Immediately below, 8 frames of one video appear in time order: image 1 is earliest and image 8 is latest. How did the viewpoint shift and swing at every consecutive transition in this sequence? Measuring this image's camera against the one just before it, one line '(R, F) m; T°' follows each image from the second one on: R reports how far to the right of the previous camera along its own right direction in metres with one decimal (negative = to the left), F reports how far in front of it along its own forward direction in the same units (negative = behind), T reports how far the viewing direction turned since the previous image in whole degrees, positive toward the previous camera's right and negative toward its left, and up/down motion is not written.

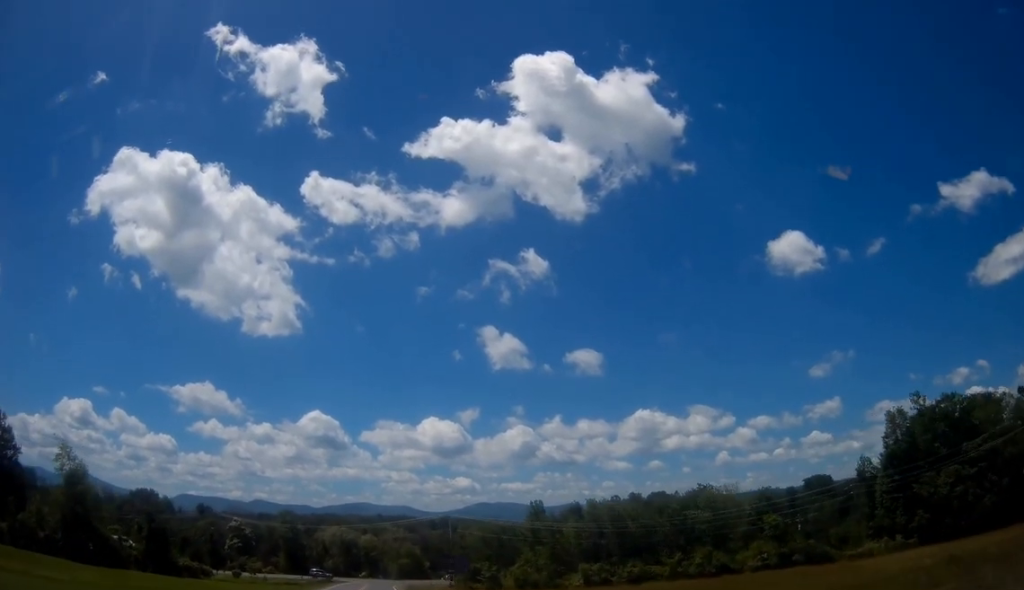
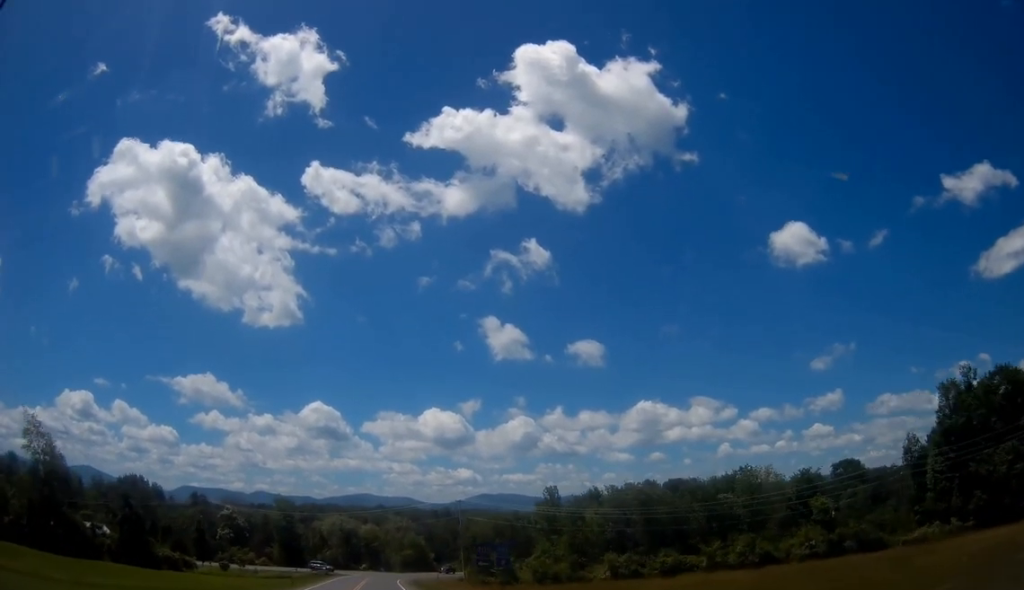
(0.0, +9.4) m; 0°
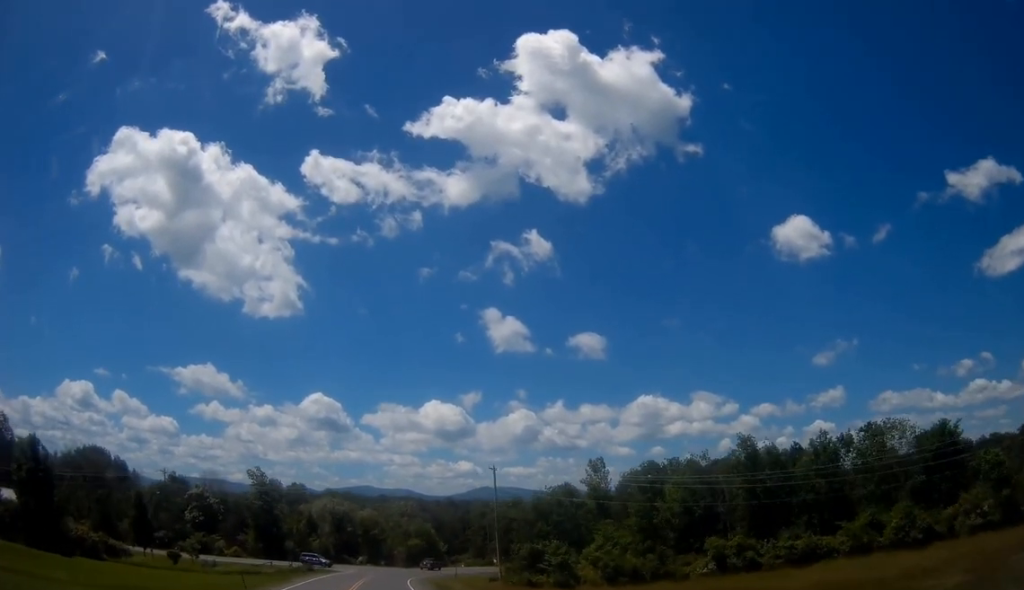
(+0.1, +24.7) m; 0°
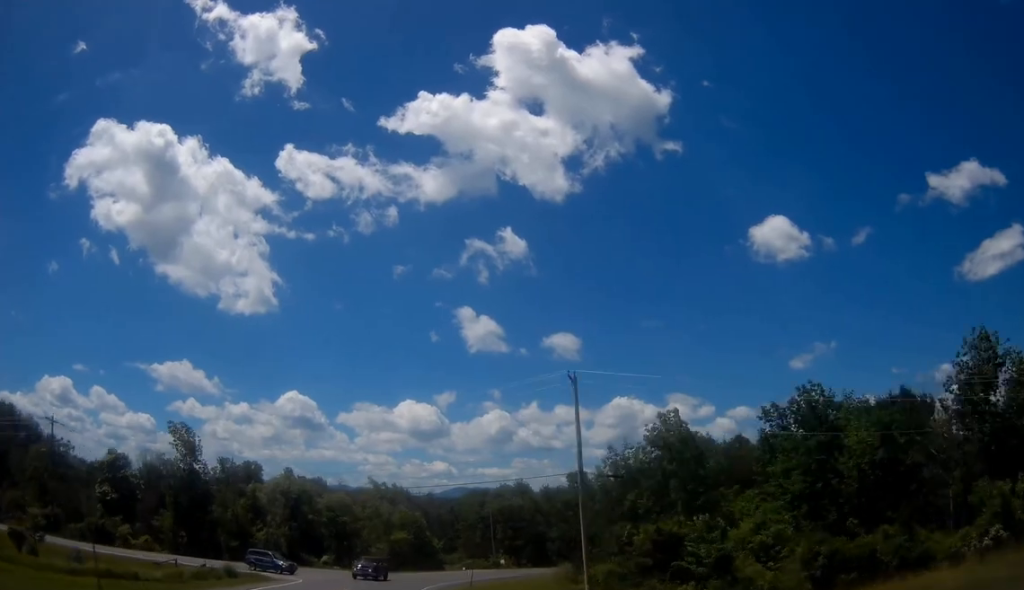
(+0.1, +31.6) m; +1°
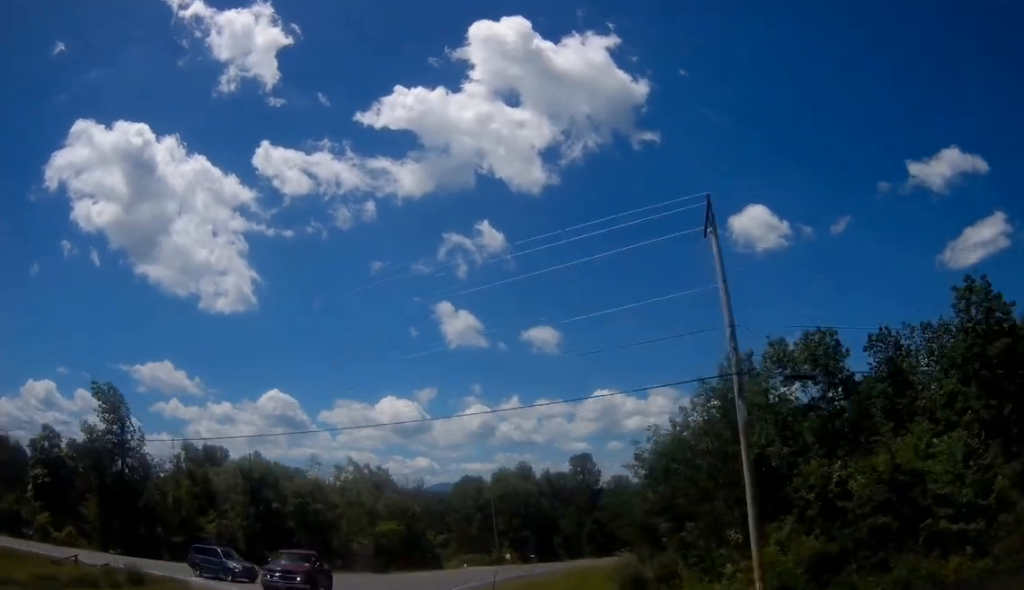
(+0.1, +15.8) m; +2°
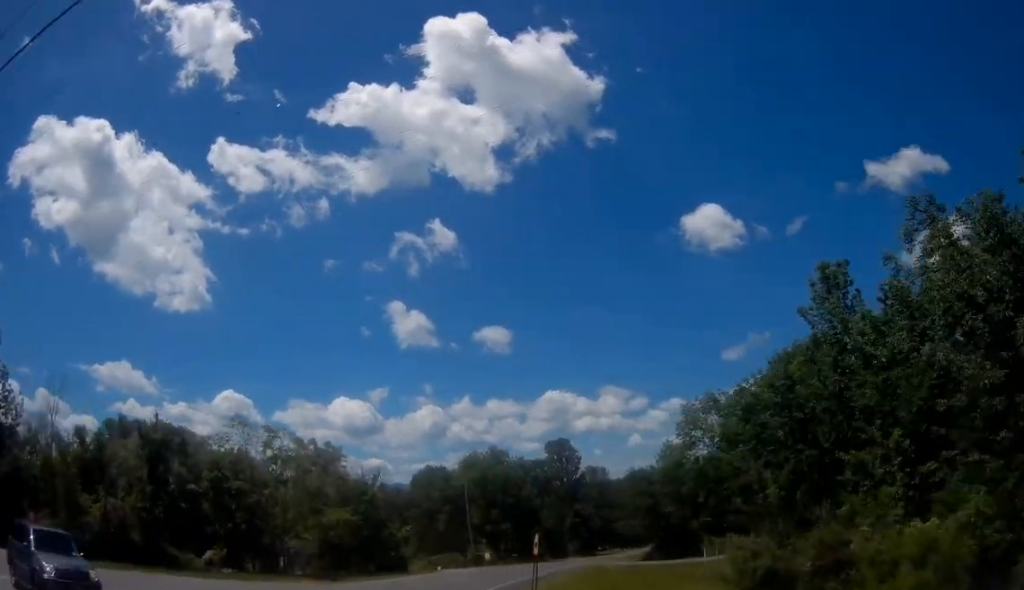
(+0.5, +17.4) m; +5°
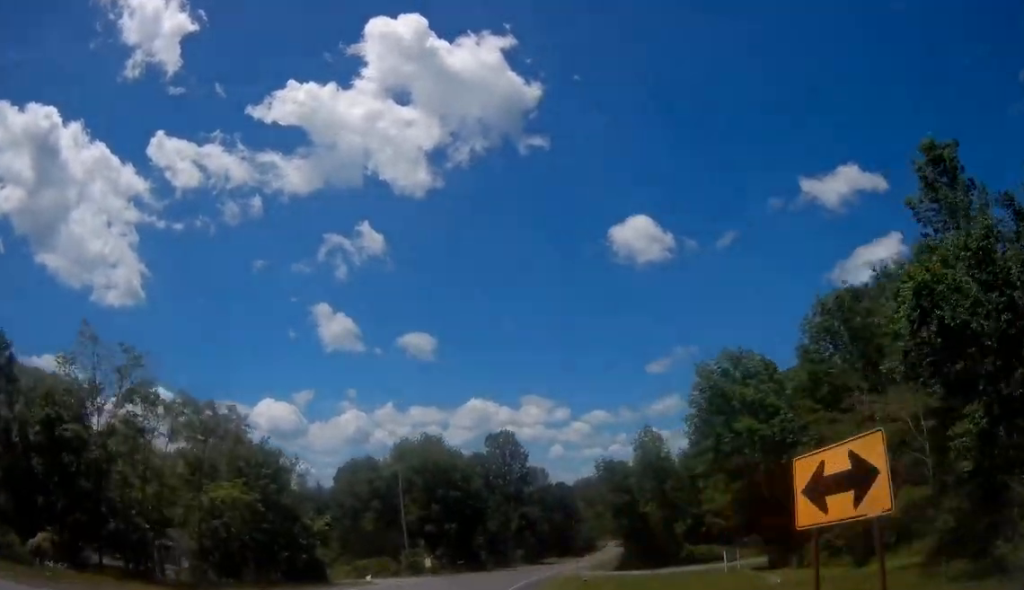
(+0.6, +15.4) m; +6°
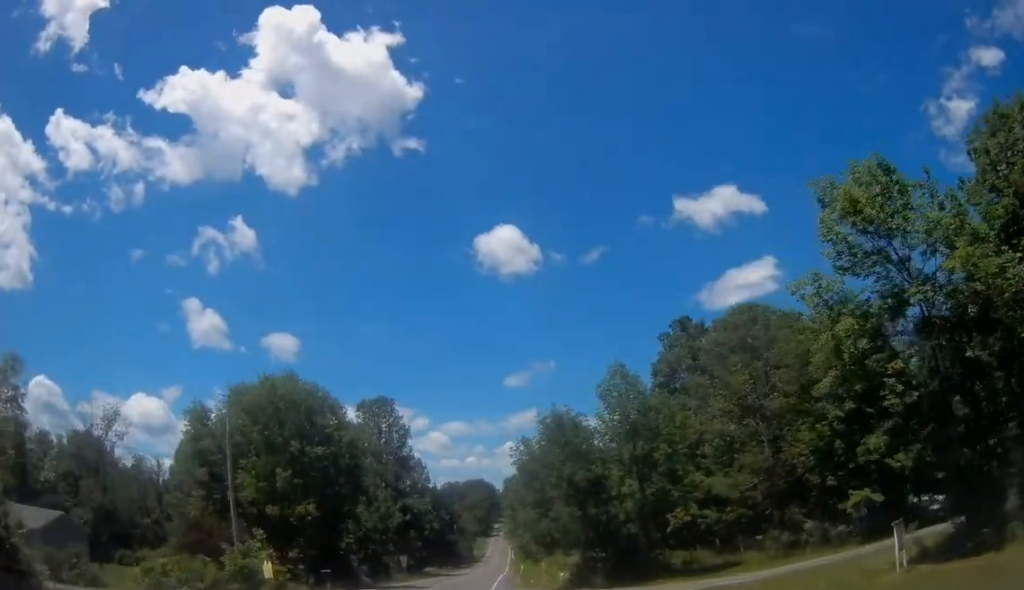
·····
_Instructions to follow_.
Please print every record exactly, leaving out the pictures.

_Expected output_.
Immediately below, 8 frames of one video appear in time order: image 1 is earliest and image 8 is latest. How did the viewpoint shift and swing at every consecutive transition in this sequence? Measuring this image's camera against the one just before it, one line '(R, F) m; T°' follows each image from the second one on: R reports how far to the right of the previous camera along its own right direction in metres with one decimal (negative = to the left), F reports how far in front of it along its own forward direction in the same units (negative = behind), T reports how far the viewing direction turned since the previous image in whole degrees, positive toward the previous camera's right and negative toward its left, and up/down motion is not written.

(0.0, +9.4) m; 0°
(+0.1, +24.7) m; 0°
(+0.1, +31.6) m; +1°
(+0.1, +15.8) m; +2°
(+0.5, +17.4) m; +5°
(+0.6, +15.4) m; +6°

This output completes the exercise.